Paste: Your songs and your videos, especially the videos for this album, have a lot of vivid imagery and there’s always been a very theatrical and visual element to your music. Is this visual element something you’re thinking about during the writing process, or is it something that you come back to after the fact?
Round: Actually, when I was making this record I approached it differently. I decided that if anyone was going to be involved in any level I was going to give them the freedom to do what they wanted as much as possible, instead of trying to dictate to everybody what I thought it should be like. That got carried over to the videos so when Scott Rhea decided that he wanted to direct “The Last Time,” he actually wrote treatments for around six of the songs. We were going to try to make all of them, but obviously that gets expensive, so we chose “The Last Time” because that’s the one he really wanted to do. He sent me the treatment and I loved it. It ended up being the video with the highest production value I’d ever made. It was a two-day shoot, are there were 15 crew, make-up, styling and all that kind of stuff. It was weird for me because I basically just sat there and let it happen to me, which was kind of a freeing experience. I obviously brought my performance to it and did what I could in that way, but I really wanted to let go of trying to control what it became.

Paste: Just letting him see his own vision through.
Round: Yeah, I wanted it to be more of a coming together of the two sides of it and to see what that would create. Same with the “Pick Up The Phone” video with Rani [DeMuth]. She wrote a treatment and had a lot of ideas for it, and I just tried to get into that role and become that character and bring myself to it. She actually took a lot of scenes out after the shoot. There were three or four different set-ups and she decided when she saw it that she just loved that one. I was really happy with the result. I think it’s beautiful.

Paste: During your hiatus, you did a lot of writing songs for movies and TV. Was that something you were doing just to tide yourself over in between albums, or is it something you would like to do more of in the future?

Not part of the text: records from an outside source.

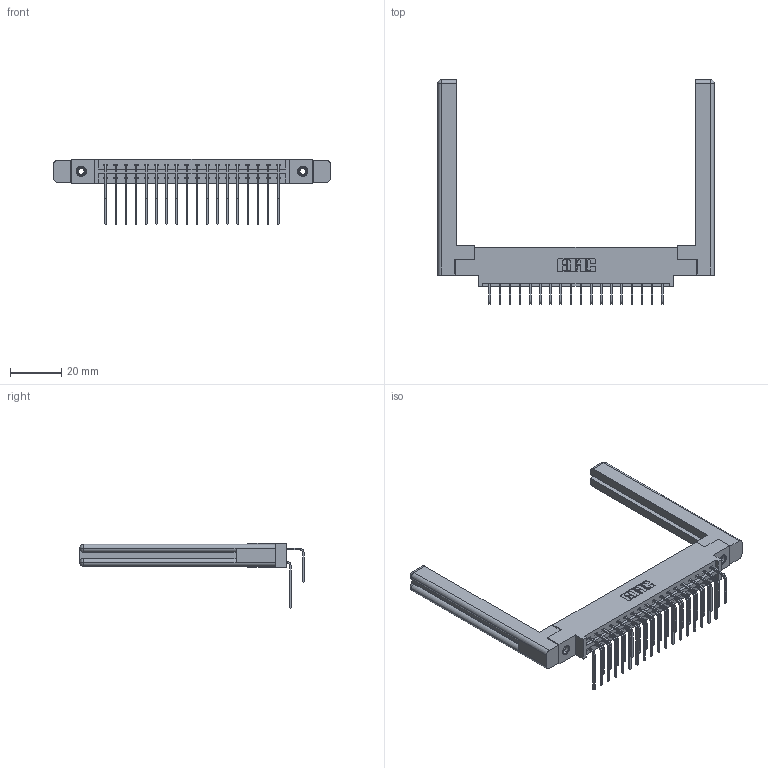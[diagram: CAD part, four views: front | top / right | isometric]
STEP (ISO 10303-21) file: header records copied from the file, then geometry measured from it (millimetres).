
FILE_DESCRIPTION (( 'STEP AP203' ), '1' );
FILE_NAME ('337-036-558-858.STEP', '2019-10-11T10:59:40', ( '' ), ( '' ), 'SwSTEP 2.0', 'SolidWorks 2016', '' );
FILE_SCHEMA (( 'CONFIG_CONTROL_DESIGN' ));
Length unit declared in the file: inch
Products named in the file (6): 337 Part_0.170 Offset - 0.156 Dia-TI; 345-292-001_558 Tail - 2; 345-292-001_558 559 Tail - 1; 307-220-058; 345-250-001_345-250-001-102; 337-036-558-858
Assembly tree (41 placements, depth 2):
  337-036-558-858
    337 Part_0.170 Offset - 0.156 Dia-TI
    345-292-001_558 559 Tail - 1  x18
    345-292-001_558 Tail - 2  x18
    345-250-001_345-250-001-102  x2
    307-220-058  x2
Bounding box: 107.95 x 87.57 x 25.53 mm (x, y, z)
Volume: 18289.7 mm3; surface area: 18566.3 mm2
Topology: 41 solids, 41 shells, 2276 faces, 6689 edges, 4398 vertices
Faces by surface type: plane 1598, cylinder 654, cone 12, torus 12
Entity records: 21610 total; most frequent: CARTESIAN_POINT 3716, ORIENTED_EDGE 3540, DIRECTION 3202, EDGE_CURVE 1770, VECTOR 1554, LINE 1554, VERTEX_POINT 1170, AXIS2_PLACEMENT_3D 824
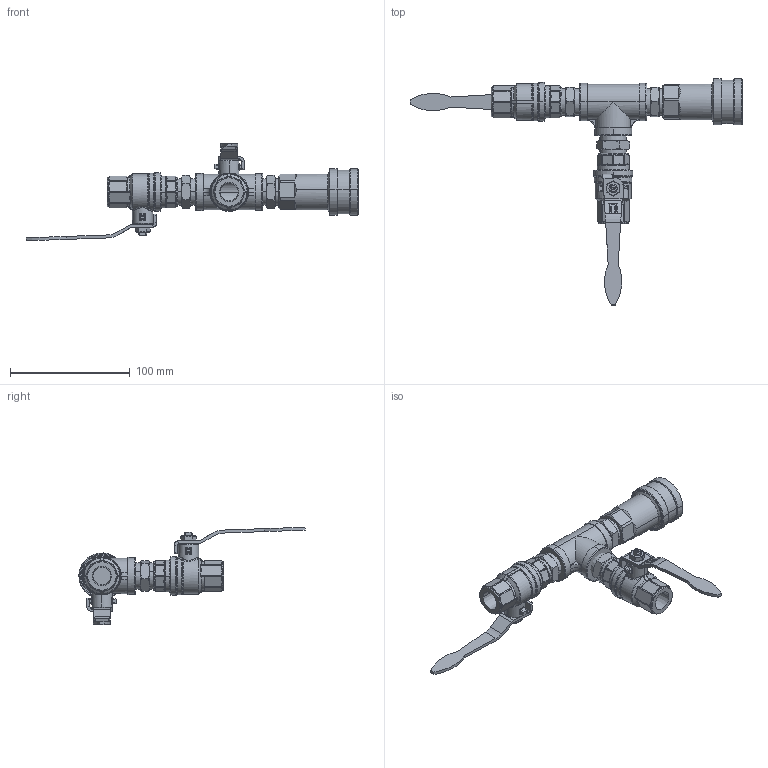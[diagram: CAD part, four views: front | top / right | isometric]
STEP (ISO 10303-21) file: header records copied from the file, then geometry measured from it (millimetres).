
FILE_DESCRIPTION (( 'STEP AP203' ), '1' );
FILE_NAME ('J003435-159_REV_.step', '2025-09-15T04:33:14', ( '' ), ( '' ), 'SwSTEP 2.0', 'SolidWorks 2024', '' );
FILE_SCHEMA (( 'CONFIG_CONTROL_DESIGN' ));
Length unit declared in the file: millimetre
Products named in the file (5): OEM-15NB-HP-T_15NB HYDRAULIC TEE; OEM-15NB-HP-BV_Default-open; OEM-15NB-HP-N_15NB HYDRAULIC NIPPLE; J003435-159_REV_; OEM-QR-15NB-F
Assembly tree (7 placements, depth 2):
  J003435-159_REV_
    OEM-15NB-HP-T_15NB HYDRAULIC TEE
    OEM-15NB-HP-BV_Default-open  x2
    OEM-15NB-HP-N_15NB HYDRAULIC NIPPLE  x3
    OEM-QR-15NB-F
Bounding box: 277.15 x 188.8 x 81.47 mm (x, y, z)
Volume: 154317 mm3; surface area: 67063.4 mm2
Topology: 11 solids, 11 shells, 1459 faces, 3699 edges, 2185 vertices
Faces by surface type: plane 414, bspline 383, cylinder 322, cone 213, torus 74, sphere 53
Entity records: 30250 total; most frequent: CARTESIAN_POINT 12720, ORIENTED_EDGE 3842, DIRECTION 3131, EDGE_CURVE 1921, AXIS2_PLACEMENT_3D 1232, VERTEX_POINT 1181, EDGE_LOOP 838, FACE_OUTER_BOUND 789
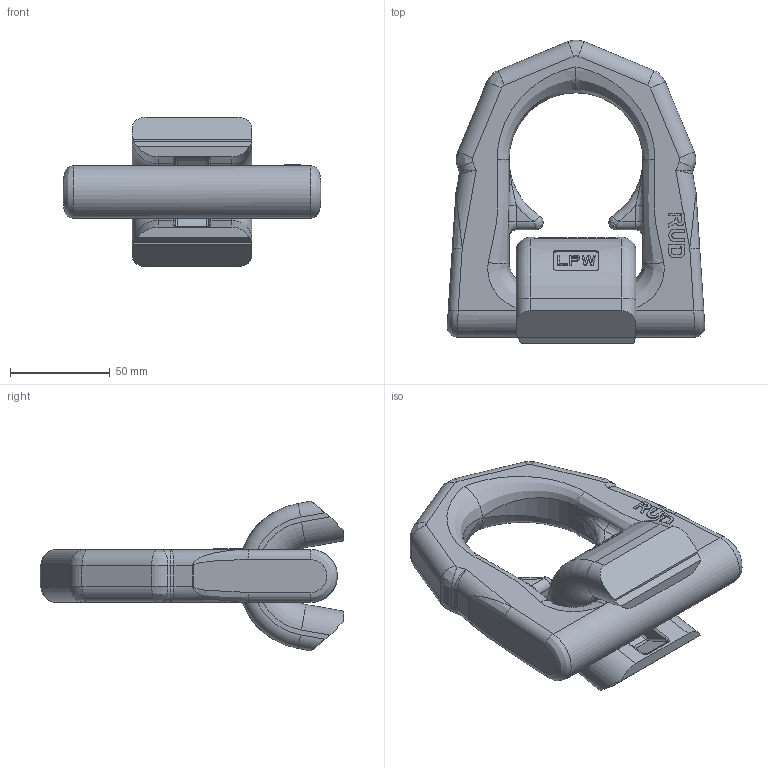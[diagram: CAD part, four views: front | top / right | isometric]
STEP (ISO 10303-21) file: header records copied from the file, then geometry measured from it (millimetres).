
FILE_DESCRIPTION((''),'2;1');
FILE_NAME('001-M31867-P7_ASM','2017-10-10T',('anja.joas'),(''),'PRO/ENGINEER BY PARAMETRIC TECHNOLOGY CORPORATION, 2011490','PRO/ENGINEER BY PARAMETRIC TECHNOLOGY CORPORATION, 2011490','');
FILE_SCHEMA(('CONFIG_CONTROL_DESIGN'));
Products named in the file (3): 001-M31867-P5; 001-M34887-P01; 001-M31867-P7_ASM
Assembly tree (2 placements, depth 2):
  001-M31867-P7_ASM
    001-M31867-P5
    001-M34887-P01
Bounding box: 129.17 x 152.22 x 75 mm (x, y, z)
Volume: 368154.4 mm3; surface area: 56870.4 mm2
Topology: 2 solids, 2 shells, 762 faces, 2060 edges, 1332 vertices
Faces by surface type: plane 564, cylinder 118, bspline 60, torus 20
Entity records: 40885 total; most frequent: CARTESIAN_POINT 23340, ORIENTED_EDGE 4120, DIRECTION 2934, EDGE_CURVE 2060, VERTEX_POINT 1332, AXIS2_PLACEMENT_3D 1027, VECTOR 880, LINE 880

Round: I would love to do more of that. I can’t speak for everyone, but I can’t imagine why any artist wouldn’t just want to be sat in front of a movie with a guitar or whatever and just write a score for it. It’s a fun thing to do. I haven’t gotten to that point yet, but I’ve worked with a couple of composers. Working on the Valentine’s Day song was really exciting. I went to Soundstage and finalized with the orchestra. It was the most terrifying thing I’ve ever done in my life because there are 60 or 70 players looking at their watch at their watch going ‘Oh it’s another five minutes, another $500,’ so it’s a lot of pressure. The stuff for the TV shows were songs I had already written and that were taken from my EP or from my record and put into TV shows. But yeah, it is totally something that I’m interested in. I love movies, I love watching movies, and I love hearing my own music in movies and on TV.

Paste: So are we going to have to wait another five years for the next full-length, then?

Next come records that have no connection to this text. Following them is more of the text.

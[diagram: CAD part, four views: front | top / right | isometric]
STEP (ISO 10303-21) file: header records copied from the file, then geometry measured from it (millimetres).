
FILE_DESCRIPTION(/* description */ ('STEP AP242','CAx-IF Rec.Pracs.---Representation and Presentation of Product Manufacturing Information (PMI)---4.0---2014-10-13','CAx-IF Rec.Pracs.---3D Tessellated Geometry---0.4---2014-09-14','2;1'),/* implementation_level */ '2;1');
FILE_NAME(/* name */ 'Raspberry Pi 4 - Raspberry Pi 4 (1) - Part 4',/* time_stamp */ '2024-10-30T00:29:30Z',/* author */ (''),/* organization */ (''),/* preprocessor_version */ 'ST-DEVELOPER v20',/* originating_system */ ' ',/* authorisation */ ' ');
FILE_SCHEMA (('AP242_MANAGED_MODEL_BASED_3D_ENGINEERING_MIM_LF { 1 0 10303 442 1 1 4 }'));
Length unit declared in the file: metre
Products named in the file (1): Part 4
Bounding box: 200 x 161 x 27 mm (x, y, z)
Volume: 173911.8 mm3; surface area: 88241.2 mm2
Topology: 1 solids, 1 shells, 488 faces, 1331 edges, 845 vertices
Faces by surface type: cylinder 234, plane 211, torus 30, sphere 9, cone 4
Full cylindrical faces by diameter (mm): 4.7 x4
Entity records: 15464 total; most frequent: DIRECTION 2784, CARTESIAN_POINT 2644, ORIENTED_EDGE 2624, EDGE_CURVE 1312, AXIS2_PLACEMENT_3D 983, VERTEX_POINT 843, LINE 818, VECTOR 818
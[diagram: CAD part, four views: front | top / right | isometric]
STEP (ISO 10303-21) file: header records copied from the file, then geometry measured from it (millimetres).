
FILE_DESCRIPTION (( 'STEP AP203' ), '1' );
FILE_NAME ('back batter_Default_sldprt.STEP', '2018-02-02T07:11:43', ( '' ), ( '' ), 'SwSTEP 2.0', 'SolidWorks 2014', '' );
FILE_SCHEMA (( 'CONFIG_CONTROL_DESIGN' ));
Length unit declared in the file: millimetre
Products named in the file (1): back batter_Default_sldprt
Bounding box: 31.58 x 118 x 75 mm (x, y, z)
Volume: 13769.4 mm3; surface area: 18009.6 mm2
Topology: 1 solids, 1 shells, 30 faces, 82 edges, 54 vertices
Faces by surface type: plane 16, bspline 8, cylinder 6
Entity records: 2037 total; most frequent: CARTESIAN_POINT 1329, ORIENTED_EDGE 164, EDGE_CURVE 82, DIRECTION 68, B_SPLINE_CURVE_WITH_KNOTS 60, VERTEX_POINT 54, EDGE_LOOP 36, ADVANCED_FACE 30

Round: [Laughs] I hope not. I don’t think so. I’ve been pretty inspired and as long as I can afford to do it, I’ll do it. There was a period as well, though, where I just wanted to challenge myself as a person because I hadn’t done a lot of writing with other people and I hadn’t done anything for film or TV. I collaborated with Puscifer for the last four years too, which was a really great learning experience and also good for me creatively. I feel like I had closed a lot of doors to myself because before that I told myself I was just going to be a singer/songwriter and an artist and it was just fucking boring. When I do that, I don’t feel like I’ve progressed that much as an artist. I think it’s good for me to continue doing things that are inspired by other people.